(Dataset entries)
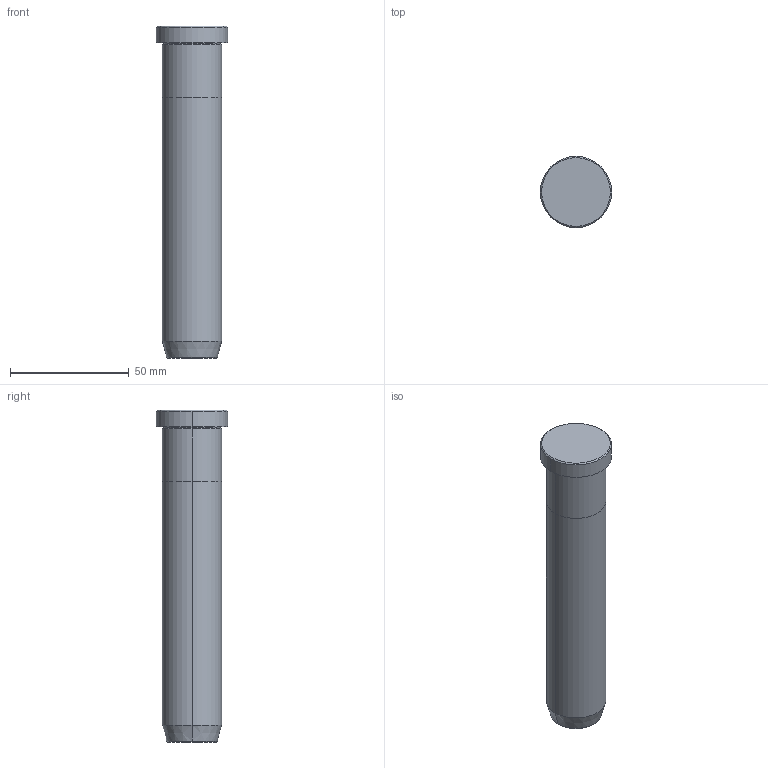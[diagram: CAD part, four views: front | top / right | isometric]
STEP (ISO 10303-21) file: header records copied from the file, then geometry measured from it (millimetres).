
FILE_DESCRIPTION (( 'STEP AP203' ), '1' );
FILE_NAME ('9e7d.STEP', '2024-01-02T20:45:10', ( '' ), ( '' ), 'SwSTEP 2.0', 'SolidWorks 2019', '' );
FILE_SCHEMA (( 'CONFIG_CONTROL_DESIGN' ));
Length unit declared in the file: millimetre
Products named in the file (1): 9e7d
Bounding box: 30 x 30 x 140 mm (x, y, z)
Volume: 69700.6 mm3; surface area: 13347.6 mm2
Topology: 2 solids, 2 shells, 21 faces, 38 edges, 22 vertices
Faces by surface type: torus 6, cylinder 6, plane 5, cone 4
Entity records: 595 total; most frequent: DIRECTION 110, CARTESIAN_POINT 82, ORIENTED_EDGE 76, AXIS2_PLACEMENT_3D 50, EDGE_CURVE 38, CIRCLE 28, EDGE_LOOP 22, VERTEX_POINT 22
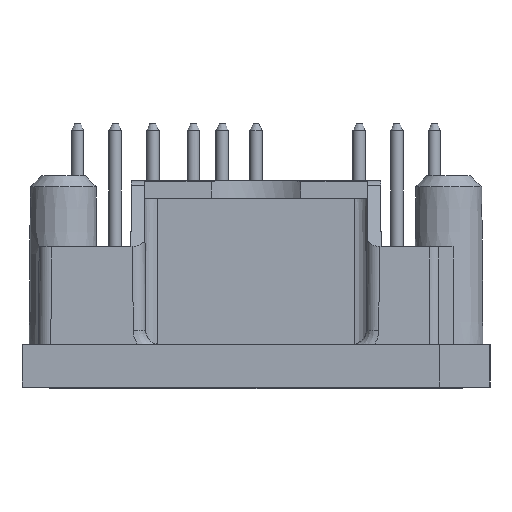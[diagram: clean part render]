
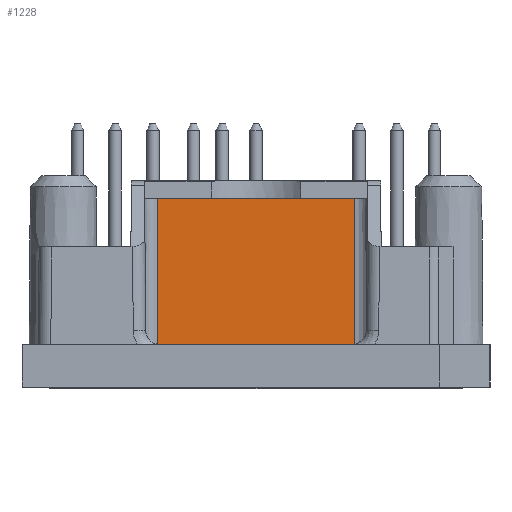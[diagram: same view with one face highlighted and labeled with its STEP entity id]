
A CAD part, left-side view. The second image highlights one B-rep face of the part: STEP entity #1228.
In plain terms, the highlighted planar face has unit normal (-1, 0, -0.009).
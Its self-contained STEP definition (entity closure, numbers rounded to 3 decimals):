
#1228 = ADVANCED_FACE( '', ( #3064 ), #3065, .T. );
#3064 = FACE_OUTER_BOUND( '', #5690, .T. );
#3065 = PLANE( '', #5691 );
#5690 = EDGE_LOOP( '', ( #9578, #9579, #9580, #9581 ) );
#5691 = AXIS2_PLACEMENT_3D( '', #9582, #9583, #9584 );
#9578 = ORIENTED_EDGE( '', *, *, #15013, .T. );
#9579 = ORIENTED_EDGE( '', *, *, #15408, .T. );
#9580 = ORIENTED_EDGE( '', *, *, #15409, .T. );
#9581 = ORIENTED_EDGE( '', *, *, #14476, .F. );
#9582 = CARTESIAN_POINT( '', ( -32.648, 0.25, 21.5 ) );
#9583 = DIRECTION( '', ( -1., 0., -0.009 ) );
#9584 = DIRECTION( '', ( -0.009, 0., 1. ) );
#14476 = EDGE_CURVE( '', #16980, #16982, #16983, .T. );
#15013 = EDGE_CURVE( '', #16980, #17917, #17919, .T. );
#15408 = EDGE_CURVE( '', #17917, #18557, #18558, .T. );
#15409 = EDGE_CURVE( '', #18557, #16982, #18559, .T. );
#16980 = VERTEX_POINT( '', #20681 );
#16982 = VERTEX_POINT( '', #20683 );
#16983 = LINE( '', #20684, #20685 );
#17917 = VERTEX_POINT( '', #21985 );
#17919 = LINE( '', #21987, #21988 );
#18557 = VERTEX_POINT( '', #23044 );
#18558 = LINE( '', #23045, #23046 );
#18559 = LINE( '', #23047, #23048 );
#20681 = CARTESIAN_POINT( '', ( -32.515, 8.152, 6.3 ) );
#20683 = CARTESIAN_POINT( '', ( -32.636, 8.152, 20.1 ) );
#20684 = CARTESIAN_POINT( '', ( -32.648, 8.152, 21.5 ) );
#20685 = VECTOR( '', #26067, 1000. );
#21985 = CARTESIAN_POINT( '', ( -32.515, -7.652, 6.3 ) );
#21987 = CARTESIAN_POINT( '', ( -32.515, -17.95, 6.3 ) );
#21988 = VECTOR( '', #26617, 1000. );
#23044 = CARTESIAN_POINT( '', ( -32.636, -7.652, 20.1 ) );
#23045 = CARTESIAN_POINT( '', ( -32.648, -7.652, 21.5 ) );
#23046 = VECTOR( '', #27024, 1000. );
#23047 = CARTESIAN_POINT( '', ( -32.636, 0.25, 20.1 ) );
#23048 = VECTOR( '', #27025, 1000. );
#26067 = DIRECTION( '', ( -0.009, 0., 1. ) );
#26617 = DIRECTION( '', ( 0., -1., 0. ) );
#27024 = DIRECTION( '', ( -0.009, 0., 1. ) );
#27025 = DIRECTION( '', ( 0., 1., 0. ) );

▸ Task requirements
Your answer should consist only of the lines above between the line holding "In plain terms, the" and the line holding "#23047 = CARTESIAN_POINT( '', ( -32.636, 0.25, 20.1", inclusive, each transcribed exactly.

▸ Response
In plain terms, the highlighted planar face has unit normal (-1, 0, -0.009).
Its self-contained STEP definition (entity closure, numbers rounded to 3 decimals):
#1228 = ADVANCED_FACE( '', ( #3064 ), #3065, .T. );
#3064 = FACE_OUTER_BOUND( '', #5690, .T. );
#3065 = PLANE( '', #5691 );
#5690 = EDGE_LOOP( '', ( #9578, #9579, #9580, #9581 ) );
#5691 = AXIS2_PLACEMENT_3D( '', #9582, #9583, #9584 );
#9578 = ORIENTED_EDGE( '', *, *, #15013, .T. );
#9579 = ORIENTED_EDGE( '', *, *, #15408, .T. );
#9580 = ORIENTED_EDGE( '', *, *, #15409, .T. );
#9581 = ORIENTED_EDGE( '', *, *, #14476, .F. );
#9582 = CARTESIAN_POINT( '', ( -32.648, 0.25, 21.5 ) );
#9583 = DIRECTION( '', ( -1., 0., -0.009 ) );
#9584 = DIRECTION( '', ( -0.009, 0., 1. ) );
#14476 = EDGE_CURVE( '', #16980, #16982, #16983, .T. );
#15013 = EDGE_CURVE( '', #16980, #17917, #17919, .T. );
#15408 = EDGE_CURVE( '', #17917, #18557, #18558, .T. );
#15409 = EDGE_CURVE( '', #18557, #16982, #18559, .T. );
#16980 = VERTEX_POINT( '', #20681 );
#16982 = VERTEX_POINT( '', #20683 );
#16983 = LINE( '', #20684, #20685 );
#17917 = VERTEX_POINT( '', #21985 );
#17919 = LINE( '', #21987, #21988 );
#18557 = VERTEX_POINT( '', #23044 );
#18558 = LINE( '', #23045, #23046 );
#18559 = LINE( '', #23047, #23048 );
#20681 = CARTESIAN_POINT( '', ( -32.515, 8.152, 6.3 ) );
#20683 = CARTESIAN_POINT( '', ( -32.636, 8.152, 20.1 ) );
#20684 = CARTESIAN_POINT( '', ( -32.648, 8.152, 21.5 ) );
#20685 = VECTOR( '', #26067, 1000. );
#21985 = CARTESIAN_POINT( '', ( -32.515, -7.652, 6.3 ) );
#21987 = CARTESIAN_POINT( '', ( -32.515, -17.95, 6.3 ) );
#21988 = VECTOR( '', #26617, 1000. );
#23044 = CARTESIAN_POINT( '', ( -32.636, -7.652, 20.1 ) );
#23045 = CARTESIAN_POINT( '', ( -32.648, -7.652, 21.5 ) );
#23046 = VECTOR( '', #27024, 1000. );
#23047 = CARTESIAN_POINT( '', ( -32.636, 0.25, 20.1 ) );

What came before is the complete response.